◆ **Your instructions**:
Repeat the data exactly, please; no pictures belong in the copy.
-- Dataset follows --
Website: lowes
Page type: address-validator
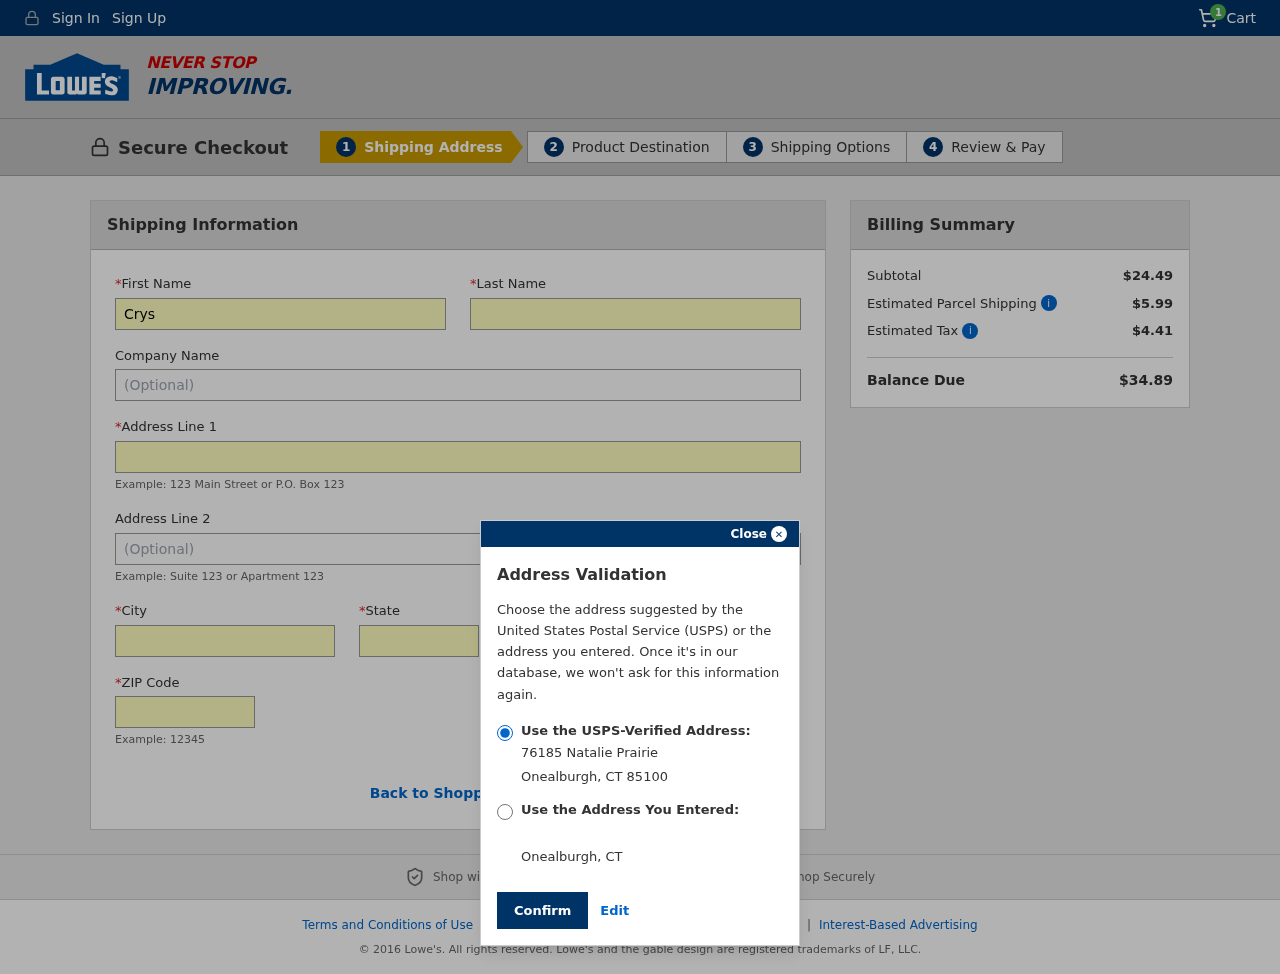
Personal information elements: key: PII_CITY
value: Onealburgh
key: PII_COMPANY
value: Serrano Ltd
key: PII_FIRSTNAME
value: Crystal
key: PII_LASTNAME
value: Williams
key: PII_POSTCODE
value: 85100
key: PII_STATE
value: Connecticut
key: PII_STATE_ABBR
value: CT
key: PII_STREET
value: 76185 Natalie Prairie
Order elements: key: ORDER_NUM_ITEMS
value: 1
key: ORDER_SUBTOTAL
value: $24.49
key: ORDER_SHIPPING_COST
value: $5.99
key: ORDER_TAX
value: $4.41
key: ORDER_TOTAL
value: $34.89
-- Dataset concluded --
◆ **Result of the task**:
Website: lowes
Page type: address-validator
Personal information elements: key: PII_CITY
value: Onealburgh
key: PII_COMPANY
value: Serrano Ltd
key: PII_FIRSTNAME
value: Crystal
key: PII_LASTNAME
value: Williams
key: PII_POSTCODE
value: 85100
key: PII_STATE
value: Connecticut
key: PII_STATE_ABBR
value: CT
key: PII_STREET
value: 76185 Natalie Prairie
Order elements: key: ORDER_NUM_ITEMS
value: 1
key: ORDER_SUBTOTAL
value: $24.49
key: ORDER_SHIPPING_COST
value: $5.99
key: ORDER_TAX
value: $4.41
key: ORDER_TOTAL
value: $34.89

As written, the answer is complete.